» **Task directions**
Read through the data, and wherever a line holds the word "Group", write that line out.

(The records)

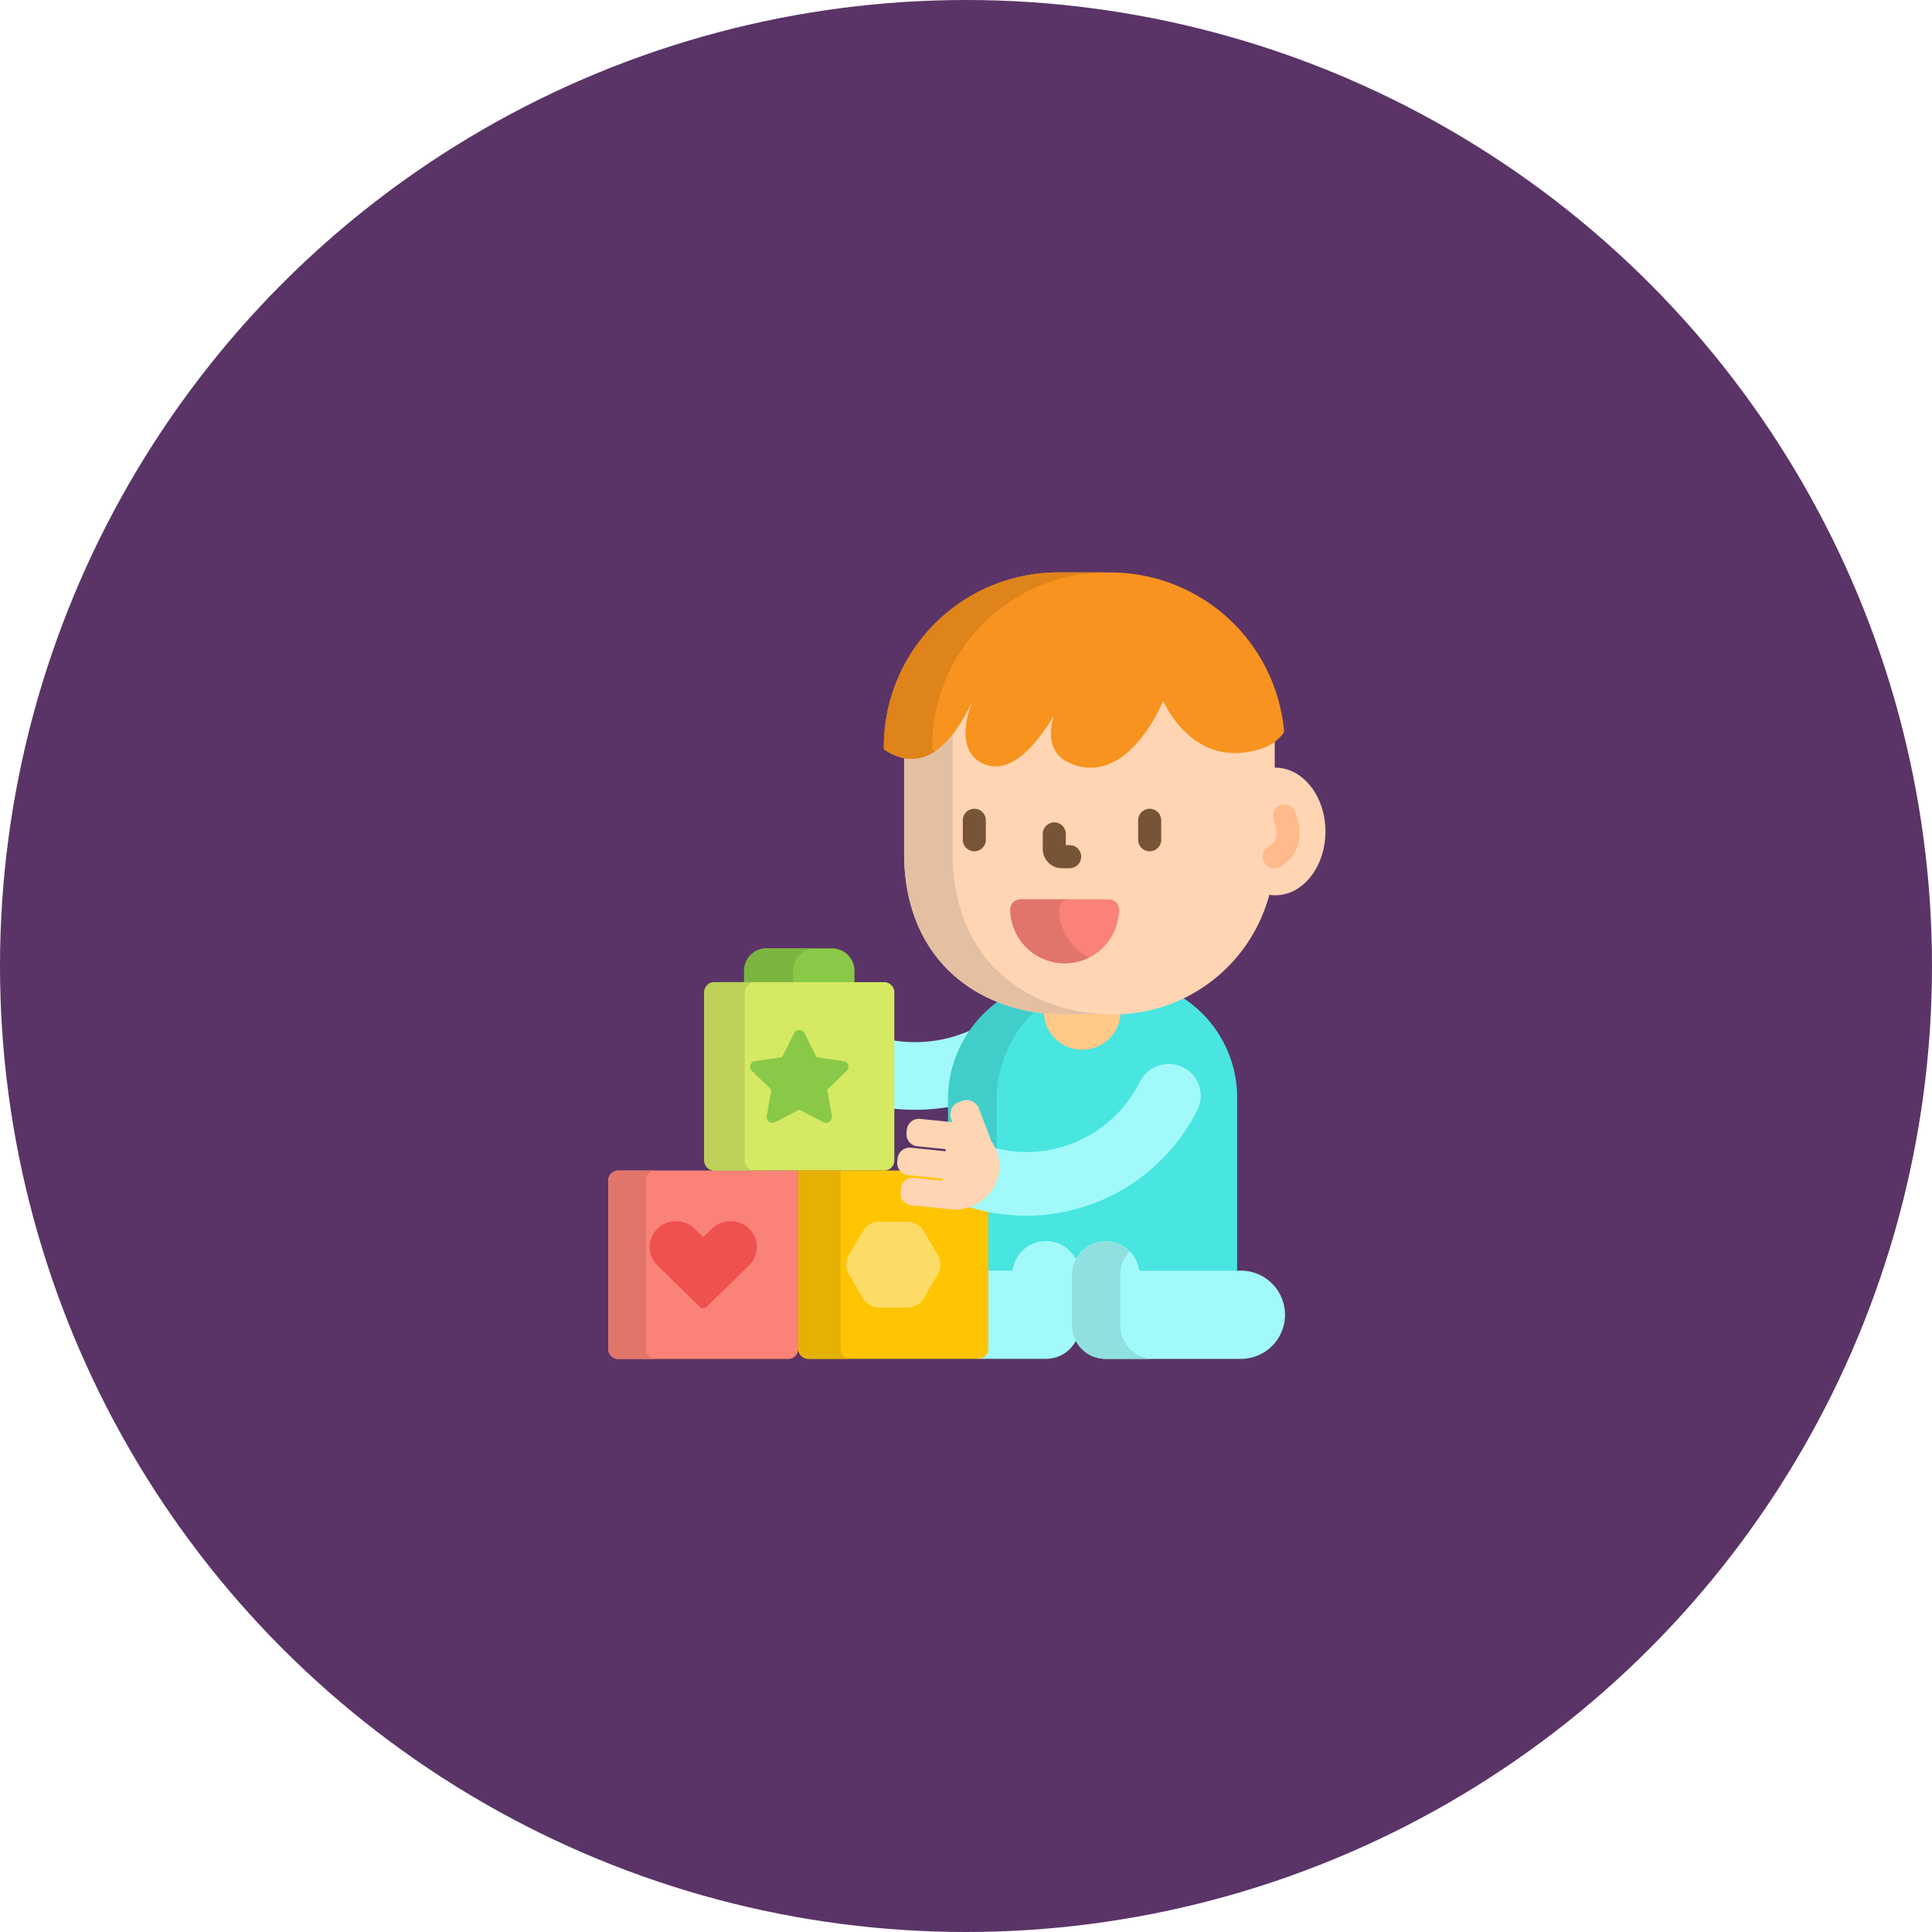<svg xmlns="http://www.w3.org/2000/svg" width="108" height="108" viewBox="0 0 108 108">
  <g id="Group_999" data-name="Group 999" transform="translate(-1059 -2230)">
    <circle id="Ellipse_51" data-name="Ellipse 51" cx="54" cy="54" r="54" transform="translate(1059 2230)" fill="#5a3467"/>
    <g id="Group_956" data-name="Group 956" transform="translate(1093 2262)">
      <path id="Path_470" data-name="Path 470" d="M.571,389.395a.571.571,0,0,0-.571.566v9.4a.57.57,0,0,0,.571.566h9.482a.57.57,0,0,0,.571-.566v-9.961Zm0,0" transform="translate(0 -355.96)" fill="#fb8276"/>
      <path id="Path_471" data-name="Path 471" d="M188.455,301.541a6.784,6.784,0,0,1,1.273-4.044,7.582,7.582,0,0,1-4.458.609v3.818a11.5,11.5,0,0,0,3.186-.1Zm0,0" transform="translate(-169.362 -271.953)" fill="#a2f9f9"/>
      <path id="Path_472" data-name="Path 472" d="M234.441,276.594a8.947,8.947,0,0,1-3.845.867h-2.661a10.229,10.229,0,0,1-3.708-.669,6.75,6.75,0,0,0-2.853,5.64v1.208l.355.036-.045-.129-.066-.174a.645.645,0,0,1,.375-.831l.186-.07a.641.641,0,0,1,.228-.042.648.648,0,0,1,.6.417l.71,1.856.006.009a2.391,2.391,0,0,1,.2.352l.017.037.039.01a7.117,7.117,0,0,0,1.744.217,7.206,7.206,0,0,0,6.426-3.968,1.721,1.721,0,0,1,2.288-.783,1.683,1.683,0,0,1,.78,2.264,10.485,10.485,0,0,1-3.98,4.331,10.691,10.691,0,0,1-5.535,1.546h0a10.539,10.539,0,0,1-2.183-.23v3.474h1.517l.009-.076a1.8,1.8,0,0,1,3.38-.617l.076.145.076-.145a1.8,1.8,0,0,1,3.38.617l.009.076h5.557v-9.617A6.634,6.634,0,0,0,234.441,276.594Zm0,0" transform="translate(-202.367 -252.845)" fill="#48e5e1"/>
      <path id="Path_473" data-name="Path 473" d="M221.73,285.79l-.045-.129-.066-.174a.645.645,0,0,1,.375-.831l.186-.07a.641.641,0,0,1,.228-.042.648.648,0,0,1,.6.417l.71,1.856.006.009a2.394,2.394,0,0,1,.2.352l.017.037.039.01.1.025v-2.7a6.749,6.749,0,0,1,2.185-5.1,9.712,9.712,0,0,1-2.051-.543,6.75,6.75,0,0,0-2.853,5.64v1.208Zm0,0" transform="translate(-202.367 -254.959)" fill="#41ceca"/>
      <path id="Path_474" data-name="Path 474" d="M245.239,437.182a1.751,1.751,0,0,1,.174-.76,1.886,1.886,0,0,0-3.589.547h-1.44v4.365a.57.57,0,0,1-.571.566h4.009v-.006a1.881,1.881,0,0,0,1.59-1.1,1.747,1.747,0,0,1-.174-.757Zm0,0" transform="translate(-219.222 -397.939)" fill="#a2f9f9"/>
      <path id="Path_475" data-name="Path 475" d="M303.762,441.895v.006h7.631a2.466,2.466,0,1,0,0-4.931H305.76a1.884,1.884,0,0,0-3.753.213v2.853A1.872,1.872,0,0,0,303.762,441.895Zm0,0" transform="translate(-276.076 -397.939)" fill="#a2f9f9"/>
      <path id="Path_476" data-name="Path 476" d="M304.7,440.035v-2.853a1.851,1.851,0,0,1,.535-1.3,1.885,1.885,0,0,0-3.23,1.3v2.853a1.871,1.871,0,0,0,1.754,1.859v.006h2.695v-.006A1.872,1.872,0,0,1,304.7,440.035Zm0,0" transform="translate(-276.077 -397.939)" fill="#91e0e0"/>
      <path id="Path_477" data-name="Path 477" d="M287.437,285.963h-2.661a11.085,11.085,0,0,1-1.222-.069v.075a2.152,2.152,0,0,0,4.3,0v-.017c-.14.007-.28.011-.422.011Zm0,0" transform="translate(-259.207 -261.347)" fill="#ffc987"/>
      <path id="Path_478" data-name="Path 478" d="M213.407,84.833h-.036V83.575c0-.1,0-.192-.005-.287a2.256,2.256,0,0,1-.653.36,4.694,4.694,0,0,1-1.561.286h0c-2.7,0-3.927-2.845-3.939-2.873l-.081-.194-.078.2c-.015.037-1.5,3.688-3.974,3.688a2.754,2.754,0,0,1-.827-.132c-1.174-.37-1.562-1.263-1.154-2.654l-.156-.068c-.761,1.27-1.929,2.785-3.168,2.785a1.529,1.529,0,0,1-.43-.062,1.5,1.5,0,0,1-.981-.8,3.476,3.476,0,0,1,.205-2.692l-.157-.07c-1.026,2.151-2.117,3.2-3.337,3.2a2.172,2.172,0,0,1-.419-.042v5.42c0,5.841,4.041,8.994,9.026,8.994h2.661a9.024,9.024,0,0,0,8.727-6.689,2.24,2.24,0,0,0,.337.026c1.546,0,2.8-1.6,2.8-3.566s-1.253-3.566-2.8-3.566Zm0,0" transform="translate(-176.114 -73.924)" fill="#ffd5b3"/>
      <path id="Path_479" data-name="Path 479" d="M195.364,110.143v-6.057c0-.263.012-.524.034-.781a2.976,2.976,0,0,1-2.323,1.46,2.173,2.173,0,0,1-.419-.042v5.42c0,5.841,4.041,8.994,9.027,8.994h2.675C199.388,119.123,195.364,115.971,195.364,110.143Zm0,0" transform="translate(-176.114 -94.435)" fill="#e5bfa1"/>
      <g id="Group_176" data-name="Group 176" transform="translate(19.821 13.207)">
        <path id="Path_480" data-name="Path 480" d="M345.648,156.2a.644.644,0,0,1-.644-.644v-1.088a.644.644,0,1,1,1.288,0v1.088A.644.644,0,0,1,345.648,156.2Zm0,0" transform="translate(-335.202 -153.82)" fill="#775436"/>
        <path id="Path_481" data-name="Path 481" d="M231.484,156.2a.644.644,0,0,1-.644-.644v-1.088a.644.644,0,0,1,1.288,0v1.088A.644.644,0,0,1,231.484,156.2Zm0,0" transform="translate(-230.84 -153.82)" fill="#775436"/>
        <path id="Path_482" data-name="Path 482" d="M284.415,165.293h-.43a1.081,1.081,0,0,1-1.074-1.086v-.836a.644.644,0,0,1,1.288,0V164h.216a.644.644,0,1,1,0,1.288Zm0,0" transform="translate(-278.44 -161.962)" fill="#775436"/>
      </g>
      <path id="Path_483" data-name="Path 483" d="M264.823,216.377a3.027,3.027,0,0,1-3.038-3.01.569.569,0,0,1,.571-.566h4.933a.569.569,0,0,1,.571.566A3.027,3.027,0,0,1,264.823,216.377Zm0,0" transform="translate(-239.307 -194.529)" fill="#fb8276"/>
      <path id="Path_484" data-name="Path 484" d="M264.512,213.371a.568.568,0,0,1,.571-.566h-2.727a.568.568,0,0,0-.571.566,3.041,3.041,0,0,0,4.4,2.689A3.011,3.011,0,0,1,264.512,213.371Zm0,0" transform="translate(-239.307 -194.533)" fill="#e1756a"/>
      <path id="Path_485" data-name="Path 485" d="M192.123,0h-2.878a9.747,9.747,0,0,0-9.765,9.729v.146a2.631,2.631,0,0,0,.64.357c2.069.82,3.467-1.261,4.325-3.061-.639,1.547-.618,3.184.831,3.607,1.4.408,2.74-1.166,3.7-2.761-.327,1.115-.255,2.3,1.21,2.761,3.084.972,4.907-3.607,4.907-3.607s1.682,4.023,5.607,2.635a2.276,2.276,0,0,0,1.154-.888A9.75,9.75,0,0,0,192.123,0Zm0,0" transform="translate(-164.07 0)" fill="#f7931e"/>
      <path id="Path_486" data-name="Path 486" d="M182.178,9.874V9.729A9.747,9.747,0,0,1,191.942,0h-2.7a9.747,9.747,0,0,0-9.765,9.729v.146a2.631,2.631,0,0,0,.64.357,2.278,2.278,0,0,0,2.223-.241C182.286,9.953,182.23,9.915,182.178,9.874Zm0,0" transform="translate(-164.07 0)" fill="#de841b"/>
      <path id="Path_487" data-name="Path 487" d="M94.649,246.742v-.732a1.251,1.251,0,0,0-1.257-1.245H89.737a1.251,1.251,0,0,0-1.257,1.245v.732Zm0,0" transform="translate(-80.883 -223.75)" fill="#89c947"/>
      <path id="Path_488" data-name="Path 488" d="M91.218,246.742v-.732a1.251,1.251,0,0,1,1.256-1.245H89.733a1.251,1.251,0,0,0-1.257,1.245v.732Zm0,0" transform="translate(-80.88 -223.75)" fill="#7bb540"/>
      <path id="Path_489" data-name="Path 489" d="M73.159,276.751a.57.57,0,0,1-.571.566H63.105a.57.57,0,0,1-.571-.566v-9.4a.57.57,0,0,1,.571-.566h9.482a.571.571,0,0,1,.571.566Zm0,0" transform="translate(-57.165 -243.882)" fill="#d5e962"/>
      <path id="Path_490" data-name="Path 490" d="M96.618,303.075a.323.323,0,0,1-.151-.037l-1.348-.7-1.348.7a.327.327,0,0,1-.342-.024.317.317,0,0,1-.129-.314l.257-1.479-1.09-1.047a.317.317,0,0,1-.082-.328.325.325,0,0,1,.262-.219l1.507-.215.674-1.346a.328.328,0,0,1,.583,0l.674,1.346,1.507.215a.325.325,0,0,1,.262.219.316.316,0,0,1-.082.328l-1.09,1.047.257,1.479a.318.318,0,0,1-.129.314.327.327,0,0,1-.192.061Zm0,0" transform="translate(-84.438 -272.31)" fill="#89c947"/>
      <path id="Path_491" data-name="Path 491" d="M2.1,399.355v-9.4a.57.57,0,0,1,.571-.566H.571A.57.57,0,0,0,0,389.96v9.4a.57.57,0,0,0,.571.566h2.1A.57.57,0,0,1,2.1,399.355Zm0,0" transform="translate(0 -355.96)" fill="#e1756a"/>
      <path id="Path_492" data-name="Path 492" d="M29.972,427.242a.27.27,0,0,1-.189-.077l-2.375-2.322a1.422,1.422,0,0,1,0-2.041,1.5,1.5,0,0,1,2.087,0l.477.467.478-.467a1.5,1.5,0,0,1,2.087,0,1.422,1.422,0,0,1,0,2.041l-2.375,2.322a.271.271,0,0,1-.19.077Zm0,0" transform="translate(-24.66 -386.113)" fill="#ef5050"/>
      <path id="Path_493" data-name="Path 493" d="M133.343,391.362l-.027-.008-.026.009a2.441,2.441,0,0,1-1.023.114l-2.2-.221a.592.592,0,0,1-.529-.648l.018-.183a.589.589,0,0,1,.588-.532c.02,0,.04,0,.06,0l1.673.168.029-.289-2.023-.2a.586.586,0,0,1-.365-.177h-5.782v9.961a.57.57,0,0,0,.571.566h9.482a.57.57,0,0,0,.571-.566v-7.735a10.507,10.507,0,0,1-1.019-.259Zm0,0" transform="translate(-113.113 -355.961)" fill="#ffc502"/>
      <path id="Path_494" data-name="Path 494" d="M126.1,399.355v-9.961h-2.361v9.961a.57.57,0,0,0,.571.566h2.361a.57.57,0,0,1-.571-.566Zm0,0" transform="translate(-113.114 -355.96)" fill="#e5b102"/>
      <path id="Path_495" data-name="Path 495" d="M156.775,427.536a1.1,1.1,0,0,1-.857-.49l-.828-1.421a1.079,1.079,0,0,1,0-.98l.828-1.421a1.1,1.1,0,0,1,.857-.49h1.656a1.1,1.1,0,0,1,.857.49l.828,1.421a1.077,1.077,0,0,1,0,.98l-.828,1.421a1.1,1.1,0,0,1-.857.49Zm0,0" transform="translate(-141.666 -386.437)" fill="#fcdb67"/>
      <path id="Path_496" data-name="Path 496" d="M64.8,276.751v-9.4a.57.57,0,0,1,.571-.566H63.106a.57.57,0,0,0-.571.566v9.4a.57.57,0,0,0,.571.566h2.269A.57.57,0,0,1,64.8,276.751Zm0,0" transform="translate(-57.166 -243.882)" fill="#bfd158"/>
      <path id="Path_497" data-name="Path 497" d="M426.808,154.739a.644.644,0,0,1-.307-1.211c.729-.394.3-1.4.286-1.442a.644.644,0,1,1,1.182-.511,3.271,3.271,0,0,1,.238,1.114,2.06,2.06,0,0,1-1.094,1.972A.638.638,0,0,1,426.808,154.739Zm0,0" transform="translate(-389.572 -138.206)" fill="#ffb98a"/>
      <path id="Path_498" data-name="Path 498" d="M245.715,320.165a1.807,1.807,0,0,0-2.4.822,7.091,7.091,0,0,1-8.183,3.679,2.306,2.306,0,0,1,.241,1.272,2.335,2.335,0,0,1-1.71,2.012,10.71,10.71,0,0,0,12.875-5.405,1.769,1.769,0,0,0-.82-2.38Zm0,0" transform="translate(-213.598 -292.51)" fill="#a2f9f9"/>
      <path id="Path_499" data-name="Path 499" d="M188.322,348.7l.019-.184a.677.677,0,0,1,.742-.606l1.588.16.012-.118-1.938-.2a.677.677,0,0,1-.606-.741l.018-.184a.677.677,0,0,1,.742-.606l1.938.2.012-.118-1.588-.16a.677.677,0,0,1-.606-.742l.018-.184a.678.678,0,0,1,.742-.606l1.8.181h0l-.066-.174a.731.731,0,0,1,.425-.942l.186-.07a.731.731,0,0,1,.942.426l.706,1.846a2.39,2.39,0,0,1,.427,1.618,2.455,2.455,0,0,1-2.713,2.166l-2.2-.221A.677.677,0,0,1,188.322,348.7Zm0,0" transform="translate(-171.981 -314.064)" fill="#ffd5b3"/>
    </g>
  </g>
</svg>

(End The records)

» **Solution for this exercise**
  <g id="Group_999" data-name="Group 999" transform="translate(-1059 -2230)">
    <g id="Group_956" data-name="Group 956" transform="translate(1093 2262)">
      <g id="Group_176" data-name="Group 176" transform="translate(19.821 13.207)">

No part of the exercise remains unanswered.